Psoriatic arthritis is a chronic autoimmune inflammatory arthritis that is seen in association with skin psoriasis. It affects men and women in equal proportion and can affect all age groups including children.
There are some genetic tendencies for development of this disease. There are theories that an infection could also trigger this condition in a person with the right genetic makeup.
About 15-30 percent of patients with psoriasis will develop the arthritis.
Usually the psoriasis occurs before the joint inflammation but not always.
Patients can present in a variety of ways. The spectrum includes inflammation of one or two small joints to widespread inflammation in multiple small and large joints including the sacroiliac joints.

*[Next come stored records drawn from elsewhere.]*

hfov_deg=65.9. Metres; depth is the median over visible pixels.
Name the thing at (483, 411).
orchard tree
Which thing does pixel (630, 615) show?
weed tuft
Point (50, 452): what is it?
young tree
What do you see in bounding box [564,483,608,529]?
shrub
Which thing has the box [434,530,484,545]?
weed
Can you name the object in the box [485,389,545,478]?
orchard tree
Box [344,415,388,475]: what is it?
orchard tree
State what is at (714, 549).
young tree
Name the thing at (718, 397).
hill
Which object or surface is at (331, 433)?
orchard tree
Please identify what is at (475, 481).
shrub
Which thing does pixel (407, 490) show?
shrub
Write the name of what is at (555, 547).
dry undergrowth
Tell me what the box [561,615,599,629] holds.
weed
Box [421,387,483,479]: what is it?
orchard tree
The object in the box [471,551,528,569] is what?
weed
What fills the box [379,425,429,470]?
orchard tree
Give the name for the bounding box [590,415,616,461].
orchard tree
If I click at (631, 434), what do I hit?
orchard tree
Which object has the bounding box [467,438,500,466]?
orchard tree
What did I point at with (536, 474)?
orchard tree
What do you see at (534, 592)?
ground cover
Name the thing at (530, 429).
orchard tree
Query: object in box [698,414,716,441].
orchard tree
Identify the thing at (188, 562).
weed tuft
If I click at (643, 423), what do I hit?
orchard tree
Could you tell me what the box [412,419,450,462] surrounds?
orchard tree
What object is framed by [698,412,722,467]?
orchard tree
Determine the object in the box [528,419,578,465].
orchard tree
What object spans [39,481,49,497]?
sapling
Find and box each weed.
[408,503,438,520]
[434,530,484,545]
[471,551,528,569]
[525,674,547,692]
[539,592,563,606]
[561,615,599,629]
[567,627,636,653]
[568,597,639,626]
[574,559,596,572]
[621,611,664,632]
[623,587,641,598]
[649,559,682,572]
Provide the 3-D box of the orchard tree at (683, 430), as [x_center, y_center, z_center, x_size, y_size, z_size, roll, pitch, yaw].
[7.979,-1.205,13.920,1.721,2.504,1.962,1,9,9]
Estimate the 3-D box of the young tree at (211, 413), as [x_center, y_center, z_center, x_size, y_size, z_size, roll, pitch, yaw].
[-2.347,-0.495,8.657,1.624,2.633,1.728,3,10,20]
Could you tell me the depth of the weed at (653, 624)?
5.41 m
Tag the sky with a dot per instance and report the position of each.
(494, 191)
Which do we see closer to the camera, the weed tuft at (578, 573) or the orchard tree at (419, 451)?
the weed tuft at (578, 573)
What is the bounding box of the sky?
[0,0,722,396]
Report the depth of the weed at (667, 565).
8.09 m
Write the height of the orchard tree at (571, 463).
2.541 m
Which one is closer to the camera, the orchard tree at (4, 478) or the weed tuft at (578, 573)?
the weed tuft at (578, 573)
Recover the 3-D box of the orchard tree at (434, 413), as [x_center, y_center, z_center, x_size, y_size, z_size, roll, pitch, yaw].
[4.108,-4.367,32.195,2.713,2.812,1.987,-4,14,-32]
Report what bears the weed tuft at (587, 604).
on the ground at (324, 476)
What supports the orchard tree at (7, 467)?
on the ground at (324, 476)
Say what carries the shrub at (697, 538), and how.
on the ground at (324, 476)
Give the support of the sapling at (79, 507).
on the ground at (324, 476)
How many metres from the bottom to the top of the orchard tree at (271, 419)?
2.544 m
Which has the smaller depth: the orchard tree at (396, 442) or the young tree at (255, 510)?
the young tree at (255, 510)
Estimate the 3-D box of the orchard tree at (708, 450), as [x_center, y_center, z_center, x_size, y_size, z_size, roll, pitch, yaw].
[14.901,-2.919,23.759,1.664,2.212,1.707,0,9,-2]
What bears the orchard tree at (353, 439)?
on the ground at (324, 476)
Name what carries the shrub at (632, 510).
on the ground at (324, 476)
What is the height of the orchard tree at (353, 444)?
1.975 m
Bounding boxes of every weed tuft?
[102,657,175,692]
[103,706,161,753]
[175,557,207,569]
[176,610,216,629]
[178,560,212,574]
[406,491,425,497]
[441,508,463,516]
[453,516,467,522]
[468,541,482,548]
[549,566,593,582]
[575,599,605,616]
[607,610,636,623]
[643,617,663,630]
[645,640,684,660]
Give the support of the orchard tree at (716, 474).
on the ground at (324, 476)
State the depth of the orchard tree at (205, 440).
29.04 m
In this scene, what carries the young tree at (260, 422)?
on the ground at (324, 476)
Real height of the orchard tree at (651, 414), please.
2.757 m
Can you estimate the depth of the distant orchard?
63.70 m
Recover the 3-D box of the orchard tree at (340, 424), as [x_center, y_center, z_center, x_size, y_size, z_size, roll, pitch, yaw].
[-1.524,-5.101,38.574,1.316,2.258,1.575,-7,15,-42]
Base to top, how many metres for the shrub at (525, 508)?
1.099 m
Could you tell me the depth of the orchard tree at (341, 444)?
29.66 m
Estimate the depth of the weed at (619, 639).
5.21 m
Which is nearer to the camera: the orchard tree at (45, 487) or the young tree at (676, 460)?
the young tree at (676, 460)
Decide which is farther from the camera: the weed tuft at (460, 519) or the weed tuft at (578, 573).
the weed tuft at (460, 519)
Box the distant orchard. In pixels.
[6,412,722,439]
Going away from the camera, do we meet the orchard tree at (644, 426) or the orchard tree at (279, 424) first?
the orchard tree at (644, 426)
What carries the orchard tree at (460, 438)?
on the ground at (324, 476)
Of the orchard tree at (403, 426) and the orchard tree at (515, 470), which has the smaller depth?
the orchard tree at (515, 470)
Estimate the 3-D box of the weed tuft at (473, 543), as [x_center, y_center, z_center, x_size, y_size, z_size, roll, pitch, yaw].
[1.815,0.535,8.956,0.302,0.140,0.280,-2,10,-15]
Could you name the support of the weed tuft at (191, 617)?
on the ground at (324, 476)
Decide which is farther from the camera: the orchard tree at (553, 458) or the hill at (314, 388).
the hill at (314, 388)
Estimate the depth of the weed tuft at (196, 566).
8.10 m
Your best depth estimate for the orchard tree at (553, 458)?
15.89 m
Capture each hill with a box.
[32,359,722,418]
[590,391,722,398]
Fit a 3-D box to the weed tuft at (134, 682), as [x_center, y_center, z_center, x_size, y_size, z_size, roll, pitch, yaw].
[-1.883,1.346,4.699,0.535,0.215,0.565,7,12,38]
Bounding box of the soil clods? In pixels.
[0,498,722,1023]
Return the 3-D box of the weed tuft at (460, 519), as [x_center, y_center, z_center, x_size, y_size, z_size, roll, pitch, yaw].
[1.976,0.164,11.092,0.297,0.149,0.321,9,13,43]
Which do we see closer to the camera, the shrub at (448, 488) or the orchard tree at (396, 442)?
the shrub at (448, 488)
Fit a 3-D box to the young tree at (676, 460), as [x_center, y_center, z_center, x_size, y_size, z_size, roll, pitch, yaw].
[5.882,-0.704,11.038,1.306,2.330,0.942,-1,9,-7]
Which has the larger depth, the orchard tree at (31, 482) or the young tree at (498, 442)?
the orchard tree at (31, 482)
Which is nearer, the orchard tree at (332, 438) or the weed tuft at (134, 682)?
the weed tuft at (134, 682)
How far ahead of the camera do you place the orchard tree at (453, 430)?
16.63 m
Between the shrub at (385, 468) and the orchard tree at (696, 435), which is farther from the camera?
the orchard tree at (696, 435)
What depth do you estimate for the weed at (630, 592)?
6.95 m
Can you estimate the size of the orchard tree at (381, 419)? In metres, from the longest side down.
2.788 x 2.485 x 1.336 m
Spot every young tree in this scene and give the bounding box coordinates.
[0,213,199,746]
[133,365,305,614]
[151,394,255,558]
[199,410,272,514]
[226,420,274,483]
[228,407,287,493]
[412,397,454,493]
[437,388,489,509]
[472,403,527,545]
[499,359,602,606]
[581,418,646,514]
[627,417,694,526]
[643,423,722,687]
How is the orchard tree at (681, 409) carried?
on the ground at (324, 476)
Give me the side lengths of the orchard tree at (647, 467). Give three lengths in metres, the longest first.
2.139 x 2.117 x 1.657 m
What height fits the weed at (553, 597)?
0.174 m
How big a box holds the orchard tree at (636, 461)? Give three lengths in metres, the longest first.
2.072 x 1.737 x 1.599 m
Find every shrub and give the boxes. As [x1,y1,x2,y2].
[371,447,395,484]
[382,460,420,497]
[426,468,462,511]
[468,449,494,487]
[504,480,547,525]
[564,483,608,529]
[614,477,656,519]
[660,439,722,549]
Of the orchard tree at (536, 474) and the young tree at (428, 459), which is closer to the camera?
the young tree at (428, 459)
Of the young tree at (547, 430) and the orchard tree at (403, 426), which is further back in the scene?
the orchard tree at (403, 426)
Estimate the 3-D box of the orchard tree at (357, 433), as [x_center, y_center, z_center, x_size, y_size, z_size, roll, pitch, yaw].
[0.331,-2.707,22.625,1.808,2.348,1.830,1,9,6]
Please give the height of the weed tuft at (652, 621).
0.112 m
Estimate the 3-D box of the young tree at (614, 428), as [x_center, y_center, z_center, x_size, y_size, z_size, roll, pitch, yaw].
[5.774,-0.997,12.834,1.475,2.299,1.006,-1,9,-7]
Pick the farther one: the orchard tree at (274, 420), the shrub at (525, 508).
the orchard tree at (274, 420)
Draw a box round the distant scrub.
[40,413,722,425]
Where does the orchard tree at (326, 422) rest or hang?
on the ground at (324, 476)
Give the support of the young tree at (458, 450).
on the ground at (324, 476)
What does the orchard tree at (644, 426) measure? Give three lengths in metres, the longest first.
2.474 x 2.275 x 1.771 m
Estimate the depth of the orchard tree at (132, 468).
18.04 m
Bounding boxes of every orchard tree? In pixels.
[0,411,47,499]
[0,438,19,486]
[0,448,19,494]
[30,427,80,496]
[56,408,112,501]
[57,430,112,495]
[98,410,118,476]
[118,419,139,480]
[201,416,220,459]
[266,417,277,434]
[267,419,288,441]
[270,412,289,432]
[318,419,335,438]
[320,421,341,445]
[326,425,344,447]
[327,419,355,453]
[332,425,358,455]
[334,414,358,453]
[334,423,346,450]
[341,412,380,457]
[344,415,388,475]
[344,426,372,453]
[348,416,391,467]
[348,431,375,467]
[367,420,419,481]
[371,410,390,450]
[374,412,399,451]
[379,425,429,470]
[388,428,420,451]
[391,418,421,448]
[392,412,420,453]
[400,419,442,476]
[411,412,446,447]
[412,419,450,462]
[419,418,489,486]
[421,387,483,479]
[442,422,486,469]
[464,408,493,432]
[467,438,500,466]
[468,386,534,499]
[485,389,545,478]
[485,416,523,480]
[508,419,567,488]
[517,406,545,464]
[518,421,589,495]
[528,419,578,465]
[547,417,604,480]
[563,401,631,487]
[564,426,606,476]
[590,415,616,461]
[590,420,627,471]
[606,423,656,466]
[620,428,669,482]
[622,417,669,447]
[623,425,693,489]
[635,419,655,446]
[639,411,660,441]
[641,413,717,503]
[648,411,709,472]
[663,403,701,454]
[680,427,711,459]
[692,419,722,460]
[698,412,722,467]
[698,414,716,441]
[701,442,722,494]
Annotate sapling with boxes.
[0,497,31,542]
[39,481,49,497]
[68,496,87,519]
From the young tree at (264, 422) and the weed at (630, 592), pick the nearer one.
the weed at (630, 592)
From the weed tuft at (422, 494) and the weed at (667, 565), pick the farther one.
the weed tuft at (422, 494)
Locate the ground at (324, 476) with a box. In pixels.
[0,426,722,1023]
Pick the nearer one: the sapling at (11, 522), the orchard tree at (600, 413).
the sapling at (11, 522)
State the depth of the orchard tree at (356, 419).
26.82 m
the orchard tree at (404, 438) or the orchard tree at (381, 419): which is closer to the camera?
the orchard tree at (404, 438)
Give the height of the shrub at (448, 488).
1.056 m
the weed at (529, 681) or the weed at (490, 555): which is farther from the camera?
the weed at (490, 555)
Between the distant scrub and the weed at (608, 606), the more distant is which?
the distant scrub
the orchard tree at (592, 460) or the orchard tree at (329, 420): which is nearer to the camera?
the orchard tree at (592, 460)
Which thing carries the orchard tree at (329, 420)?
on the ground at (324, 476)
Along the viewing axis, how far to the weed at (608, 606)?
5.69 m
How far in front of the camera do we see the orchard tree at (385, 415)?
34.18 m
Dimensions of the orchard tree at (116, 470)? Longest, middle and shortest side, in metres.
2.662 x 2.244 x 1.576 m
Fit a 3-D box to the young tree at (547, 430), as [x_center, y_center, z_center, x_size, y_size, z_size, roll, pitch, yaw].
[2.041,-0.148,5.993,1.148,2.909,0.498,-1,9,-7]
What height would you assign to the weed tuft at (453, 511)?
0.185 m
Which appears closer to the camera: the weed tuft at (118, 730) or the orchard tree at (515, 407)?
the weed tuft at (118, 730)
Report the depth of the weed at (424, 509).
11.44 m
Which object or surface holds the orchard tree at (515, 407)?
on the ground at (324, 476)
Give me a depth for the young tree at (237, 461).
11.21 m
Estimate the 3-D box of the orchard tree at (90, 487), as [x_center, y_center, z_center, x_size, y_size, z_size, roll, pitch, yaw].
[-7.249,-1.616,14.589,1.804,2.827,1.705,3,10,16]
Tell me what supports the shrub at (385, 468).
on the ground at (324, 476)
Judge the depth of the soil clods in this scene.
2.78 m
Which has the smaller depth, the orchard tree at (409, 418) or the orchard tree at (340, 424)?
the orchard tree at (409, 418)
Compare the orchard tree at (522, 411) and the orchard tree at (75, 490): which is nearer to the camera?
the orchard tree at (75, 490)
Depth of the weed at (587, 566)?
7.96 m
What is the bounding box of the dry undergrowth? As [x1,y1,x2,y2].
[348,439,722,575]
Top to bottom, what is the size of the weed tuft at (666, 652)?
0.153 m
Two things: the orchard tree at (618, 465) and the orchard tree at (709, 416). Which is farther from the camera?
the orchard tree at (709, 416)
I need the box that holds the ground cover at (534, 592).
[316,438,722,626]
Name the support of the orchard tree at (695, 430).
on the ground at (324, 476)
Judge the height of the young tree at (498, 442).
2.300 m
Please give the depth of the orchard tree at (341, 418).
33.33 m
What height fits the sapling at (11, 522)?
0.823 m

A rheumatologist usually diagnoses this condition from history, physical exam and X-rays. Blood tests will be done to rule out other types of arthritis but usually psoriatic arthritis is blood test negative.

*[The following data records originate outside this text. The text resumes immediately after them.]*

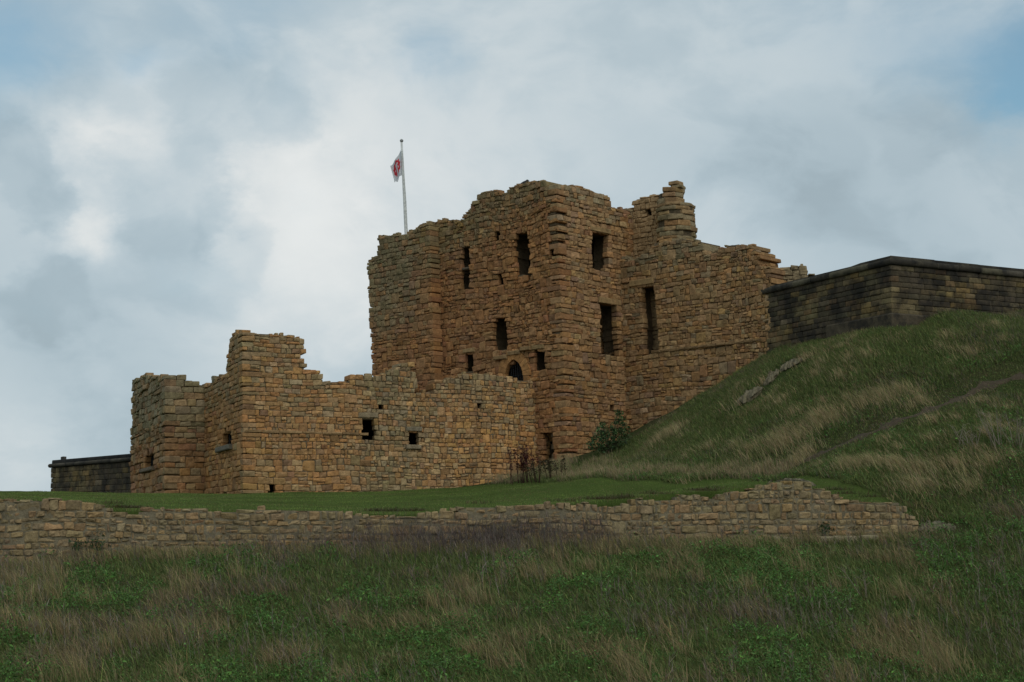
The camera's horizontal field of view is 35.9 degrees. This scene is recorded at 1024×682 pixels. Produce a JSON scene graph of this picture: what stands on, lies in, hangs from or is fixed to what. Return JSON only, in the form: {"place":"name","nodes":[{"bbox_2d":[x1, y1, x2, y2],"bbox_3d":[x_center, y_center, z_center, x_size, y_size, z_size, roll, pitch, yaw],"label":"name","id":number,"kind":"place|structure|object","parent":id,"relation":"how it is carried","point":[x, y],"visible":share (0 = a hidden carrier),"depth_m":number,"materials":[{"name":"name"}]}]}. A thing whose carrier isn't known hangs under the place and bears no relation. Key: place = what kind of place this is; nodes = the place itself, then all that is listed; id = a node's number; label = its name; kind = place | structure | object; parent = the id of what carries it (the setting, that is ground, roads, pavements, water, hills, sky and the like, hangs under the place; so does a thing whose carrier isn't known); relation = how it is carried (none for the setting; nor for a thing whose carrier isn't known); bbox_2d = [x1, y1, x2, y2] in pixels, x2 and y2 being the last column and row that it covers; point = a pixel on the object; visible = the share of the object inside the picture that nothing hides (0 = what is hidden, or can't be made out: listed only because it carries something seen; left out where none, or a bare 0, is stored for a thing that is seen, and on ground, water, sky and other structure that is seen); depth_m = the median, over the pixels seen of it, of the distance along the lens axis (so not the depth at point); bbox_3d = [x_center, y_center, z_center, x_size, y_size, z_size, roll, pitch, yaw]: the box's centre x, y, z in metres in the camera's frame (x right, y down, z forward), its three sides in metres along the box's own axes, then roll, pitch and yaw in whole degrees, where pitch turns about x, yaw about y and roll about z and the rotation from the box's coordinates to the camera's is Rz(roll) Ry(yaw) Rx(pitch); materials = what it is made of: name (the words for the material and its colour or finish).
{"place":"outdoors","nodes":[
{"label":"outdoors","id":0,"kind":"place"},
{"bbox_2d":[0,315,1023,681],"bbox_3d":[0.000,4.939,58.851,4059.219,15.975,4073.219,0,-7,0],"label":"ground","id":1,"kind":"structure","parent":0,"point":[826,481],"depth_m":54.53,"materials":[{"name":"green plant"}]},
{"bbox_2d":[48,454,131,492],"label":"bastion wall","id":2,"kind":"structure","parent":1,"relation":"on","point":[108,474],"depth_m":91.10,"materials":[{"name":"grey stone"}]},
{"bbox_2d":[128,373,205,493],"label":"ruined tower","id":3,"kind":"structure","parent":1,"relation":"on","point":[167,438],"depth_m":75.78,"materials":[{"name":"stone"}]},
{"bbox_2d":[202,330,552,493],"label":"ruined barbican","id":4,"kind":"structure","parent":1,"relation":"on","point":[278,417],"depth_m":70.37,"materials":[{"name":"stone"}]},
{"bbox_2d":[0,475,887,515],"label":"lawn grass","id":5,"kind":"structure","parent":1,"relation":"on","point":[100,494],"depth_m":54.51,"materials":[{"name":"green plant"}]},
{"bbox_2d":[0,481,918,563],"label":"retaining wall","id":6,"kind":"structure","parent":1,"relation":"on","point":[32,526],"depth_m":45.52,"materials":[{"name":"stone"}]},
{"bbox_2d":[69,539,88,551],"bbox_3d":[-12.194,5.746,44.402,0.680,0.471,0.336,0,-7,0],"label":"wall plant","id":7,"kind":"object","parent":6,"relation":"attached to","point":[74,544],"depth_m":44.43,"materials":[{"name":"green plant"}]},
{"bbox_2d":[76,531,116,552],"bbox_3d":[-11.654,5.744,44.478,1.166,0.775,0.478,0,-7,0],"label":"wall plant","id":8,"kind":"object","parent":6,"relation":"attached to","point":[97,539],"depth_m":44.47,"materials":[{"name":"green plant"}]},
{"bbox_2d":[814,517,841,536],"bbox_3d":[9.216,5.484,46.357,0.959,0.656,0.390,1,-7,-8],"label":"wall plant","id":9,"kind":"object","parent":6,"relation":"attached to","point":[825,527],"depth_m":46.34,"materials":[{"name":"green plant"}]},
{"bbox_2d":[3,508,928,573],"bbox_3d":[-0.905,5.664,44.036,26.315,2.205,3.534,0,-7,-3],"label":"dead willowherb","id":10,"kind":"object","parent":1,"relation":"on","point":[493,538],"visible":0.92,"depth_m":44.55,"materials":[{"name":"brown plant"}]},
{"bbox_2d":[0,523,990,681],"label":"dry tussocks","id":11,"kind":"object","parent":1,"relation":"on","point":[79,673],"visible":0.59,"depth_m":40.32,"materials":[{"name":"brown plant"}]},
{"bbox_2d":[0,495,1023,681],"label":"bank grass","id":12,"kind":"structure","parent":1,"relation":"on","point":[141,664],"depth_m":39.45,"materials":[{"name":"green plant"}]},
{"bbox_2d":[0,340,1023,681],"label":"leafy weeds","id":13,"kind":"object","parent":1,"relation":"on","point":[542,606],"visible":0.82,"depth_m":39.52,"materials":[{"name":"green plant"}]},
{"bbox_2d":[0,519,1023,681],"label":"grey dead stems","id":14,"kind":"object","parent":1,"relation":"on","point":[633,617],"visible":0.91,"depth_m":39.07,"materials":[{"name":"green plant"}]},
{"bbox_2d":[507,443,542,484],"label":"dock plant","id":15,"kind":"object","parent":1,"relation":"on","point":[524,461],"visible":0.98,"depth_m":66.17,"materials":[{"name":"brown plant"}]},
{"bbox_2d":[523,455,567,483],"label":"dock plant","id":16,"kind":"object","parent":1,"relation":"on","point":[548,467],"visible":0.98,"depth_m":65.14,"materials":[{"name":"brown plant"}]},
{"bbox_2d":[367,180,814,467],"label":"castle keep","id":17,"kind":"structure","parent":1,"relation":"on","point":[587,311],"depth_m":74.42,"materials":[{"name":"stone"}]},
{"bbox_2d":[400,139,407,233],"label":"flagpole","id":18,"kind":"object","parent":17,"relation":"on","point":[404,201],"visible":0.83,"depth_m":81.56,"materials":[{"name":"grey metal"}]},
{"bbox_2d":[390,151,401,181],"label":"flag","id":19,"kind":"object","parent":18,"relation":"attached to","point":[396,167],"visible":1,"depth_m":81.83,"materials":[{"name":"fabric"}]},
{"bbox_2d":[586,409,632,454],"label":"shrub","id":20,"kind":"object","parent":1,"relation":"on","point":[605,447],"visible":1,"depth_m":67.34,"materials":[{"name":"green plant"}]},
{"bbox_2d":[735,386,762,404],"bbox_3d":[9.270,2.158,61.821,1.106,0.859,1.035,0,-7,0],"label":"rock ledge","id":21,"kind":"object","parent":1,"relation":"on","point":[753,393],"visible":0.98,"depth_m":61.56,"materials":[{"name":"grey stone"}]},
{"bbox_2d":[763,369,778,385],"bbox_3d":[10.209,1.477,62.194,0.588,0.846,1.009,-5,-9,34],"label":"rock ledge","id":22,"kind":"object","parent":1,"relation":"on","point":[771,376],"visible":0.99,"depth_m":61.92,"materials":[{"name":"grey stone"}]},
{"bbox_2d":[524,307,1023,522],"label":"hillside grass","id":23,"kind":"structure","parent":1,"relation":"on","point":[707,402],"depth_m":57.81,"materials":[{"name":"green plant"}]},
{"bbox_2d":[767,478,815,485],"bbox_3d":[8.871,4.418,49.499,1.204,0.458,5.233,-2,-8,15],"label":"rock ledge","id":24,"kind":"object","parent":1,"relation":"on","point":[794,479],"visible":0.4,"depth_m":50.69,"materials":[{"name":"stone"}]},
{"bbox_2d":[780,358,802,371],"bbox_3d":[11.030,0.938,62.420,0.923,0.608,1.069,0,-7,0],"label":"rock ledge","id":25,"kind":"object","parent":1,"relation":"on","point":[785,366],"visible":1,"depth_m":62.20,"materials":[{"name":"grey stone"}]},
{"bbox_2d":[641,317,1023,497],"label":"straw tussocks","id":26,"kind":"object","parent":1,"relation":"on","point":[816,420],"visible":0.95,"depth_m":55.61,"materials":[{"name":"beige plant"}]},
{"bbox_2d":[761,256,1023,352],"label":"bastion wall","id":27,"kind":"structure","parent":1,"relation":"on","point":[892,291],"depth_m":64.27,"materials":[{"name":"stone"}]},
{"bbox_2d":[917,520,955,531],"bbox_3d":[12.546,5.503,46.630,0.974,0.426,1.140,6,-9,-37],"label":"rock ledge","id":28,"kind":"object","parent":1,"relation":"on","point":[950,527],"visible":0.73,"depth_m":46.55,"materials":[{"name":"grey stone"}]},
{"bbox_2d":[975,407,1004,448],"bbox_3d":[15.393,2.752,50.751,0.918,1.610,0.617,2,-8,-14],"label":"dead shrub","id":29,"kind":"object","parent":1,"relation":"on","point":[989,433],"visible":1,"depth_m":50.67,"materials":[{"name":"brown plant"}]},
{"bbox_2d":[0,0,1023,491],"label":"sky","id":30,"kind":"structure","parent":0,"point":[177,177],"materials":[{"name":"white"}]},
{"bbox_2d":[484,449,815,483],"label":"edge grass","id":31,"kind":"structure","parent":0,"point":[779,468],"depth_m":57.38,"materials":[{"name":"green plant"}]},
{"bbox_2d":[838,564,871,598],"bbox_3d":[8.973,6.308,41.284,0.934,1.028,0.647,0,-7,0],"label":"dead shrub","id":32,"kind":"object","parent":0,"point":[865,584],"visible":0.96,"depth_m":41.29,"materials":[{"name":"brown plant"}]},
{"bbox_2d":[780,372,1023,466],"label":"dirt path","id":33,"kind":"structure","parent":0,"point":[973,391],"depth_m":55.08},
{"bbox_2d":[948,423,976,447],"bbox_3d":[14.610,3.092,51.216,0.901,0.866,0.383,-3,-8,25],"label":"dead shrub","id":34,"kind":"object","parent":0,"point":[962,437],"visible":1,"depth_m":51.23,"materials":[{"name":"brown plant"}]},
{"bbox_2d":[966,424,981,449],"bbox_3d":[14.840,3.111,50.884,0.363,0.945,0.712,-7,-10,43],"label":"dead shrub","id":35,"kind":"object","parent":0,"point":[974,435],"visible":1,"depth_m":50.80,"materials":[{"name":"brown plant"}]},
{"bbox_2d":[994,407,1023,446],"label":"dead shrub","id":36,"kind":"object","parent":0,"point":[1019,427],"visible":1,"depth_m":50.52,"materials":[{"name":"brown plant"}]}
]}

Treatment involves medications that reduce inflammation.
These include non-steroidals which help mild arthritis pain, stiffness and swelling.
Other medications can treat both the skin and joints. These include methotrexate, sulfasalazine and leflunomide.
Newer agents called biologic drugs have been developed to block molecules and their receptors decreasing inflammation.
These medications can suppress the immune system. They include Enbrel, Humira, Remicade, Cimzia, and Simponi.
Early treatment is important to diminish the risk of joint damage and improve overall outcomes.
Destructive inflammatory joint disease.
Most commonly seen in people with psoriasis but affecting only a small percentage of patients with psoriasis.
Disabling disease that requires skilled treatment with immunosuppressive medications.